Wherever the word "Gemeinderates" appears in a line of the records, copy that line.

[RAW DATA Boundary: Start]

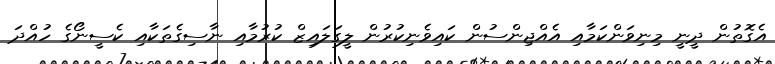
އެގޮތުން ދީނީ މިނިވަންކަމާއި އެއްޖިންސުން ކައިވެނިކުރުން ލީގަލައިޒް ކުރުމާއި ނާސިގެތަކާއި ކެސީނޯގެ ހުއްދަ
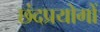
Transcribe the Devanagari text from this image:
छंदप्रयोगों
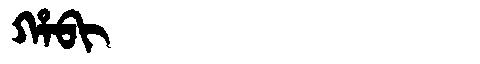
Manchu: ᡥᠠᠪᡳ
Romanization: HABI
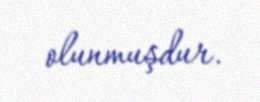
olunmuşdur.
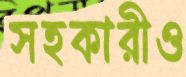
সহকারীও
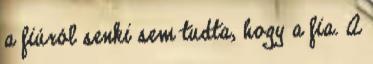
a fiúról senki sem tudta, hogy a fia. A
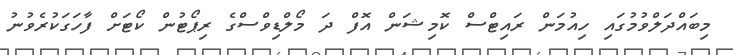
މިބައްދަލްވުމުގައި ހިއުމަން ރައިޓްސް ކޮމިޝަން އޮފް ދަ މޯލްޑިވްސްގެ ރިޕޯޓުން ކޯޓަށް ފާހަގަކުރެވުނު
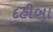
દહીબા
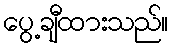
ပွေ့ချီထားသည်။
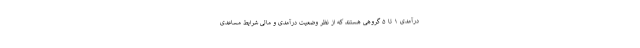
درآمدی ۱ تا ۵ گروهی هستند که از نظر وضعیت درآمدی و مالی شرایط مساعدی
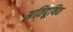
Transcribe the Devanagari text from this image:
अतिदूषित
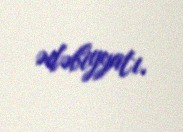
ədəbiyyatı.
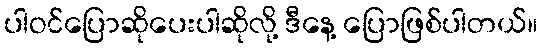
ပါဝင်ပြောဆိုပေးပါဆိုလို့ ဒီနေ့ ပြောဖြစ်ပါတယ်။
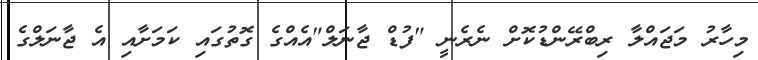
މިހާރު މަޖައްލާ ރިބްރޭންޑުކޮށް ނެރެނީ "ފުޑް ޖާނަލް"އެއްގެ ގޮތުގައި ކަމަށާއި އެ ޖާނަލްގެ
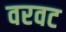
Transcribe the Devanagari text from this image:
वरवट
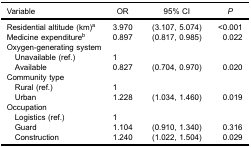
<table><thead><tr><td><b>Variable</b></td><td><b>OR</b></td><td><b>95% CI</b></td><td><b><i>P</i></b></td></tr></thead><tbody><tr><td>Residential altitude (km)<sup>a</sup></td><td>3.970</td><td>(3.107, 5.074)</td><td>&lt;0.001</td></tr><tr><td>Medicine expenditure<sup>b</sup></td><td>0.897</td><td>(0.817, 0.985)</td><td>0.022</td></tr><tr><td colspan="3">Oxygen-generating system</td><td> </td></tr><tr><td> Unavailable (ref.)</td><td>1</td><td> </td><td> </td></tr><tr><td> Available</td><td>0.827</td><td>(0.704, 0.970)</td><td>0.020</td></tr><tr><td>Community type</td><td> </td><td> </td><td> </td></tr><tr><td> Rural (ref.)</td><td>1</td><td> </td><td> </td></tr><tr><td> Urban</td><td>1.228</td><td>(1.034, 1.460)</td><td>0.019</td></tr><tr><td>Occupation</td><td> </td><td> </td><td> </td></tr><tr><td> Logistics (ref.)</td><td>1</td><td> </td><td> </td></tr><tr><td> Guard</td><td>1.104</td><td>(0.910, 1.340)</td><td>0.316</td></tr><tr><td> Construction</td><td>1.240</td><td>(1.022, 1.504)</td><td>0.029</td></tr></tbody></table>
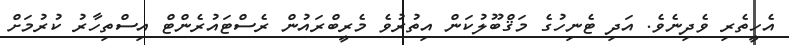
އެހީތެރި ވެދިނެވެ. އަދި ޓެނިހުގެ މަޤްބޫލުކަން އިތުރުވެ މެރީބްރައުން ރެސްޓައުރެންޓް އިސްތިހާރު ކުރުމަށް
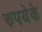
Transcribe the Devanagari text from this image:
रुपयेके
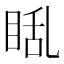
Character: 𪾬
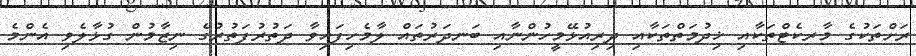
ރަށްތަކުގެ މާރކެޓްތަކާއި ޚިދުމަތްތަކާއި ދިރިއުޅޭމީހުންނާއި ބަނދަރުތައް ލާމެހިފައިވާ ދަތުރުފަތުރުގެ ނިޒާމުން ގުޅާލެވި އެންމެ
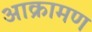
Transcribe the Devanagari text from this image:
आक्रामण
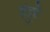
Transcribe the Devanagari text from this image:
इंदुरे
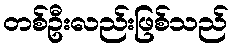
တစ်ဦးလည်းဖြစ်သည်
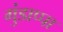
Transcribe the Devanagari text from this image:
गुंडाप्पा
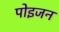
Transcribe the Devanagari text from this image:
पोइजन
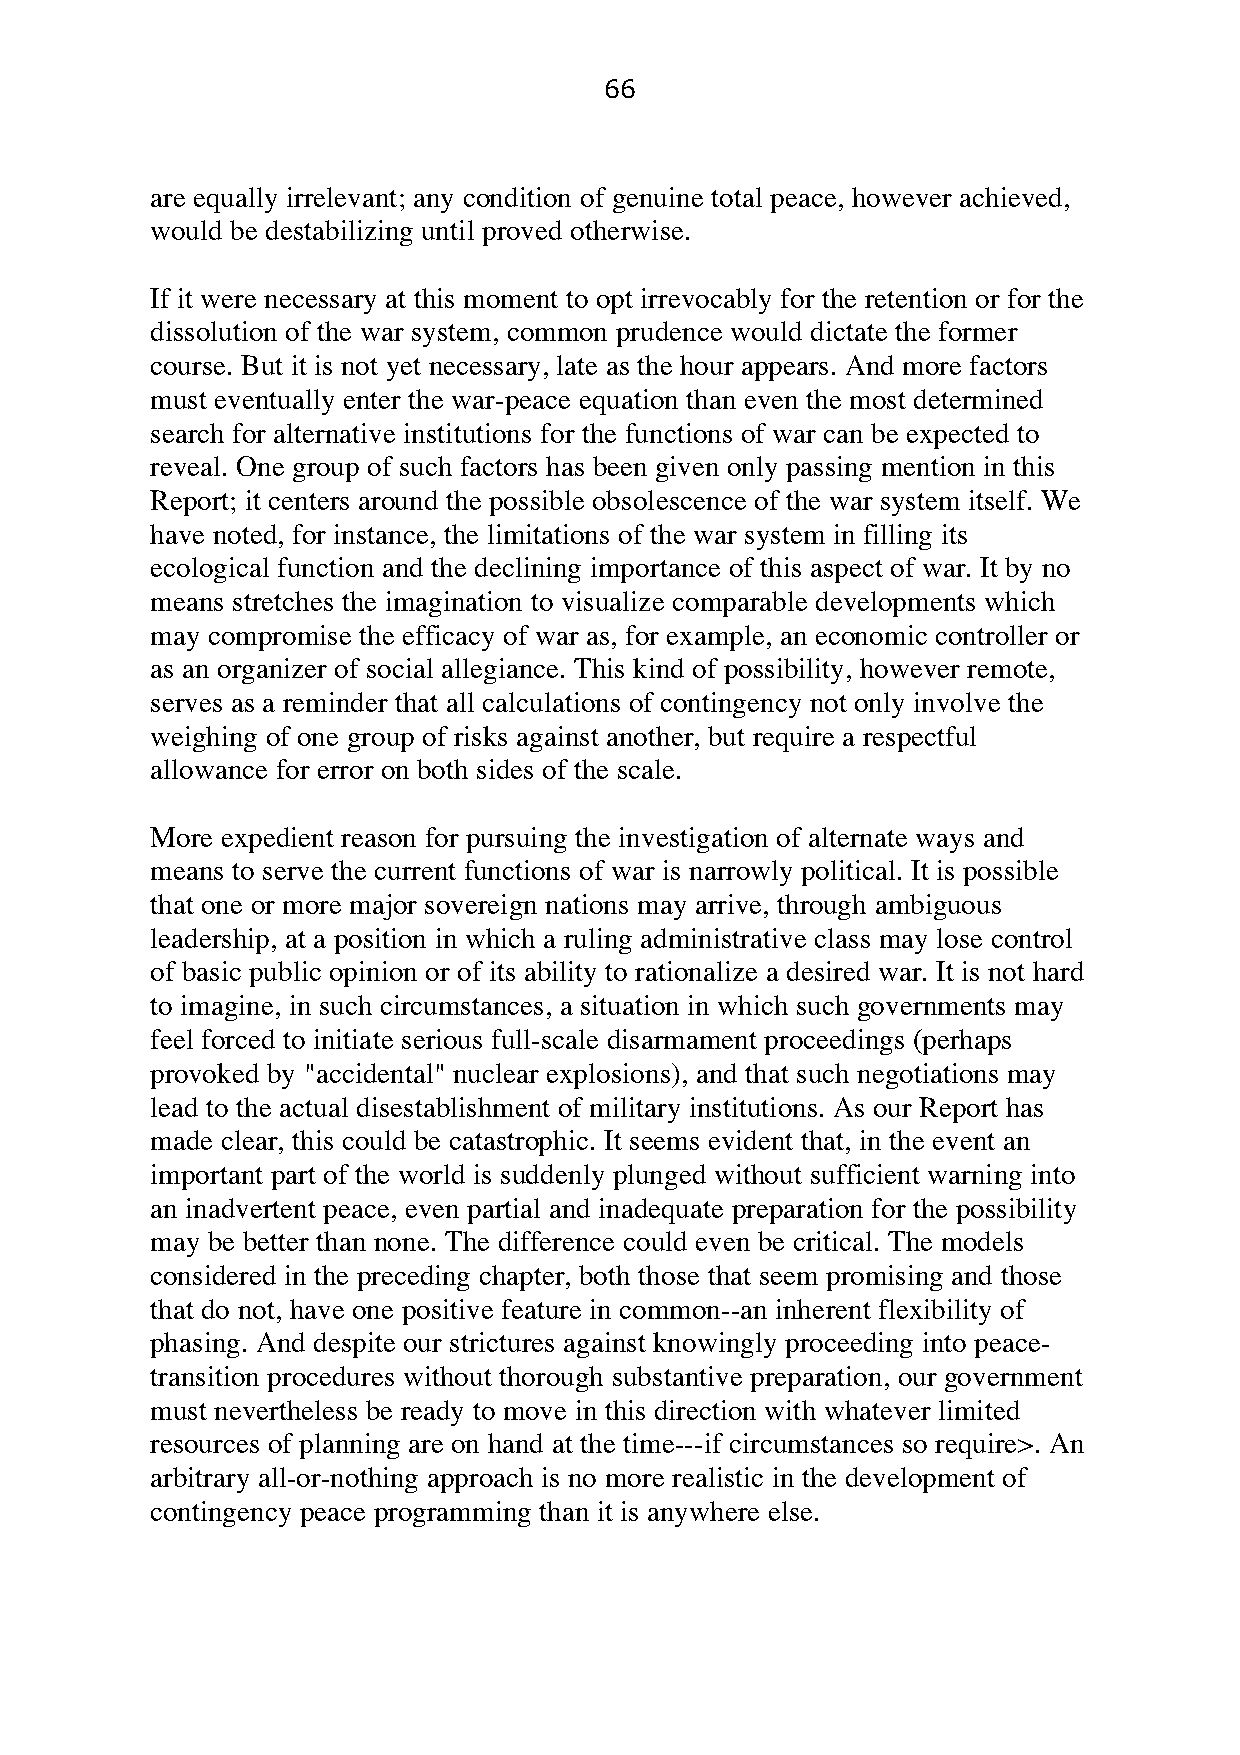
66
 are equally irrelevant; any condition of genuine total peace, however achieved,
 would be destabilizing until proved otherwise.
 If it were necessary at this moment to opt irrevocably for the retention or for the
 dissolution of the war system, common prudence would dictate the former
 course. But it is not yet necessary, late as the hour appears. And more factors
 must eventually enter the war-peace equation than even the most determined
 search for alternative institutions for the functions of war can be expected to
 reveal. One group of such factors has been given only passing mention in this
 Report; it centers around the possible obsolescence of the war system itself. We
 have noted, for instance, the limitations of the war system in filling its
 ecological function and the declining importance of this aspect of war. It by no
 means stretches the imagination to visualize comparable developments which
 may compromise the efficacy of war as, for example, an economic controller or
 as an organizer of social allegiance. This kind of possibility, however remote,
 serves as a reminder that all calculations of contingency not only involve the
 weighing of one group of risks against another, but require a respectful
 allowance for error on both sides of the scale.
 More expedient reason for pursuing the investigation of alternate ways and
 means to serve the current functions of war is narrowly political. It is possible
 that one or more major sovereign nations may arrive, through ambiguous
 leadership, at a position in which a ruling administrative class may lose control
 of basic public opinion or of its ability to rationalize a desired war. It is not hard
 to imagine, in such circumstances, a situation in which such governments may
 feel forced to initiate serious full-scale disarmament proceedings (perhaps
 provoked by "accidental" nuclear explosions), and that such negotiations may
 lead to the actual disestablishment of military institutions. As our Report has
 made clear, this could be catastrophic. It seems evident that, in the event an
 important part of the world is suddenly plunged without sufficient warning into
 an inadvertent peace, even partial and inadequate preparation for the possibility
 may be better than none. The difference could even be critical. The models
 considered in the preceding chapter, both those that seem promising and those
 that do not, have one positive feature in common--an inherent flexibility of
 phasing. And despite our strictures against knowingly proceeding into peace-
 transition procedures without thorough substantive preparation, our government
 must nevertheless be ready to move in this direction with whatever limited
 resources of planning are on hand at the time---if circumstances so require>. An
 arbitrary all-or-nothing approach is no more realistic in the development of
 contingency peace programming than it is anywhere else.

[RAW DATA Boundary: End]
[RAW DATA Boundary: Start]

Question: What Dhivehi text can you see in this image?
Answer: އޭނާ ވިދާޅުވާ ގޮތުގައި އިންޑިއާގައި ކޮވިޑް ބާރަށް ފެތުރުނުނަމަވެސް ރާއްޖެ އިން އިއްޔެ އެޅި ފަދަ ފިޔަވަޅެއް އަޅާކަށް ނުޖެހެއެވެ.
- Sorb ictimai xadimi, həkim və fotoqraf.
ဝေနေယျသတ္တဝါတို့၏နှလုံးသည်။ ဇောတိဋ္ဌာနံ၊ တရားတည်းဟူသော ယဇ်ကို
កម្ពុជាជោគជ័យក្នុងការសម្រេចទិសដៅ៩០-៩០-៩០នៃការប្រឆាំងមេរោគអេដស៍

[RAW DATA Boundary: End]
[RAW DATA Boundary: Start]

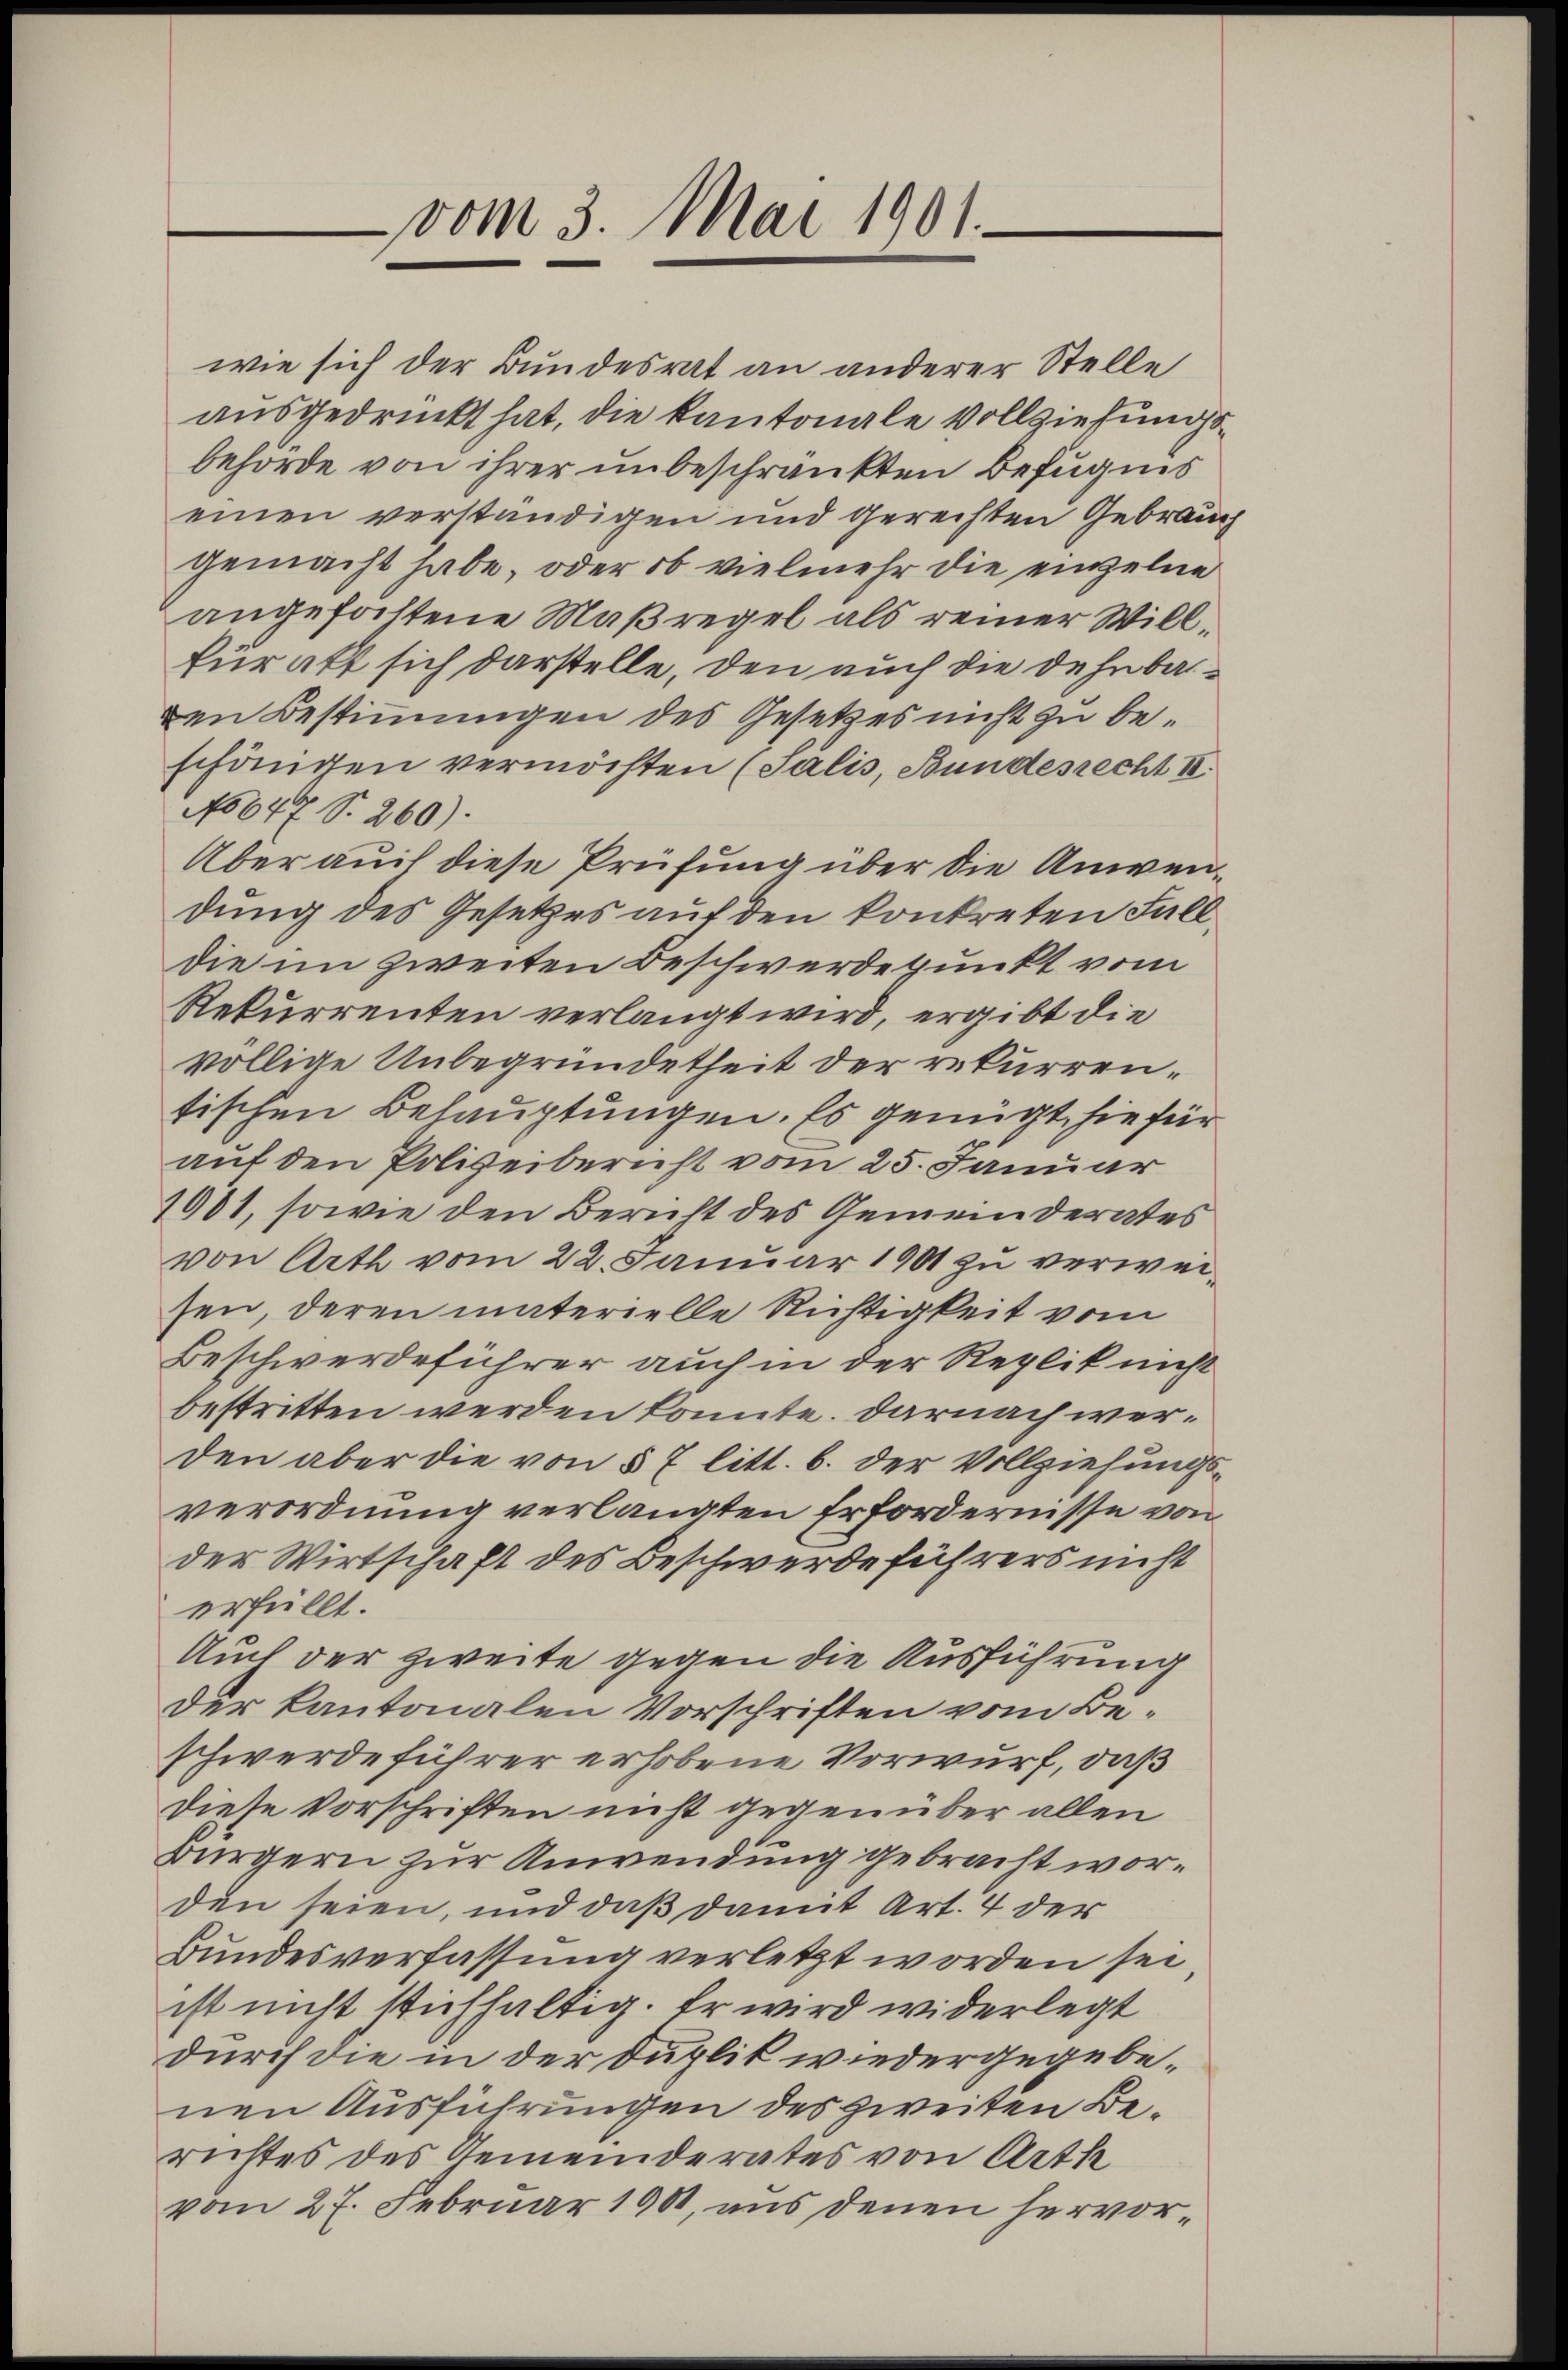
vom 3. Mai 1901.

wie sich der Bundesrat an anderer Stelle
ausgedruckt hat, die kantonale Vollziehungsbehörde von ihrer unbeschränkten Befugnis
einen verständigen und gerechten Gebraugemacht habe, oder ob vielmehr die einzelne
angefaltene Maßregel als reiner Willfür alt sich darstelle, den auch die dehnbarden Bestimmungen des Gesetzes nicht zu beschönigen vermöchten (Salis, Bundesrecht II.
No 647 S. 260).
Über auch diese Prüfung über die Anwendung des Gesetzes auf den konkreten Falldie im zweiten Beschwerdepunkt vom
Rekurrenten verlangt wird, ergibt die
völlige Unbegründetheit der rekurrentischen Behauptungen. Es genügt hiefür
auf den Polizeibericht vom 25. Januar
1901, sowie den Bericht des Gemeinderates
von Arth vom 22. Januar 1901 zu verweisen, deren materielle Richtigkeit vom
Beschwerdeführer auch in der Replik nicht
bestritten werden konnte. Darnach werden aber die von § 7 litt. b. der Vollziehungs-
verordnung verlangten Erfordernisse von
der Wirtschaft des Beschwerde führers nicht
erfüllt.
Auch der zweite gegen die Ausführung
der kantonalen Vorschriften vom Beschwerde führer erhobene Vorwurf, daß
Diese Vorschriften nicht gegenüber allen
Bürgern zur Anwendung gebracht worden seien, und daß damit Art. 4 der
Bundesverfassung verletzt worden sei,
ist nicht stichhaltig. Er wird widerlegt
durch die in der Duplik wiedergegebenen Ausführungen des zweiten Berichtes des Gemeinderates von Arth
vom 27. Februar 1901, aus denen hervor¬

[RAW DATA Boundary: End]

## REPLY
1901, sowie den Bericht des Gemeinderates
durch die in der Duplik wiedergegebenen Ausführungen des zweiten Berichtes des Gemeinderates von Arth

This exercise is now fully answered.